I’m trying to regex my way through a very long document in order to convert manually created headings (plain-text numbering, direct formatting instead of styles) to proper headings.
The direct formatting is a mess – different fonts and sizes all over the place – but the one thing all the headings have in common is that they’re in bold. The format is:
1(.) Heading 1
1.1 Heading 2
1.1.1 Heading 3
(Occasionally the dot will be missing from Heading 1, but it’s mostly there.)
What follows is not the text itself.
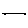
Label: line
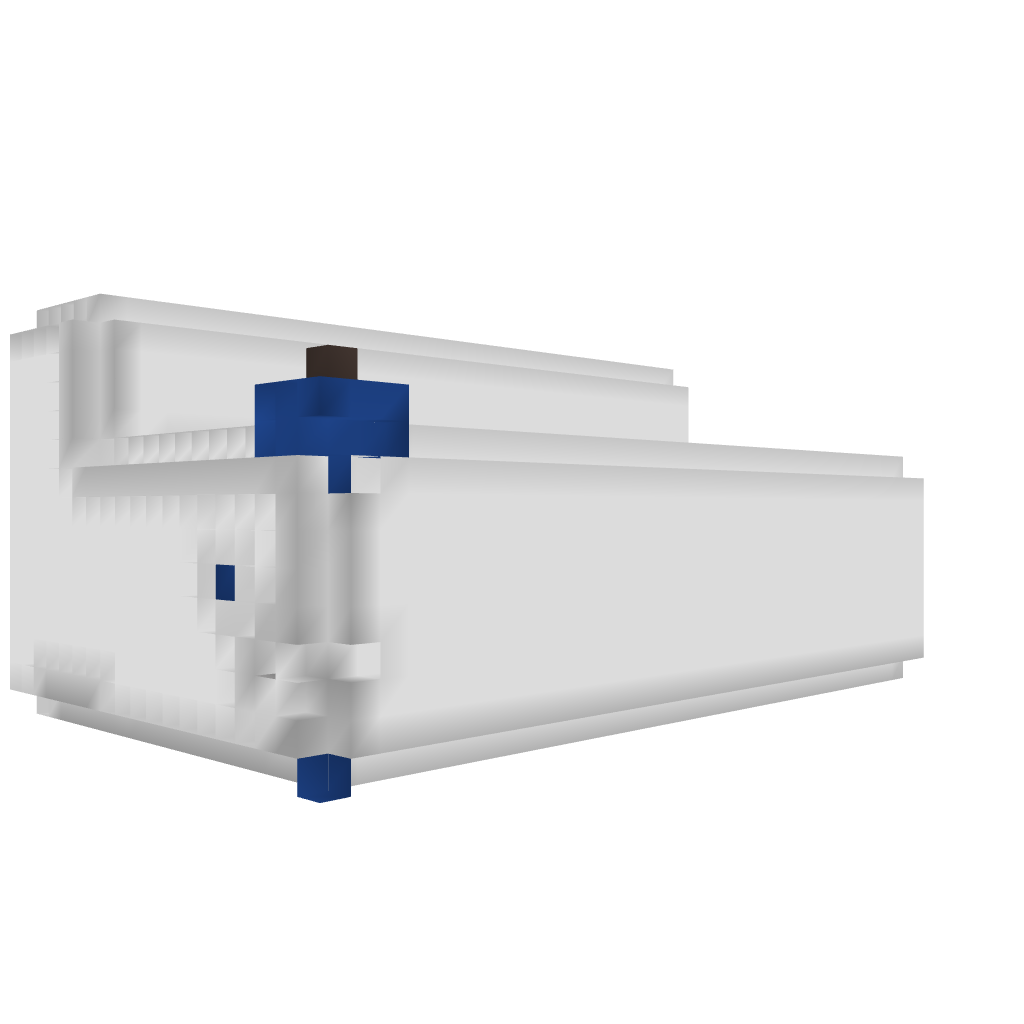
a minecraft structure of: Compact 9-0 Count Down

There are perhaps something like 700 headings in total, which is an awful lot to go through manually. So I figured the easiest way to go through them would be regex: find all occurrences of start-of-paragraph + number(s) + dot(s) + space + text + end-of-paragraph, limit to occurrences where the whole thing is bold.
As far as I can think, this regex ought to do that for Heading 1:
^\d\.? +(.+)$
But the end-of-paragraph marker $ seems to be ignored here – it matches a whole bunch of non-heading paragraphs that happen to start with number + dot + bold text, but then continues with non-bold text, like so:
3. This is part of a list and not a heading, and only the first part is bold.
I would have expected my regex not to match that at all, since the group (.+)
with bold formatting does not appear right before the end of the paragraph.
What gives? How can I make LibreOffice’s regex engine match only cases where the formatting applies to the entire paragraph, up until the end-of-paragraph marker?
Also, when I replace the text with $1
, which I would think ought to be the first matched group, (.+)
, i.e., any text that comes after number + dot + space, what it does rather puzzles me: it leaves the entire paragraph intact, i.e., doesn’t change anything in the text itself, but resets all formatting completely, removing direct formatting and applying Default Style instead of whatever style was applied before. Huh?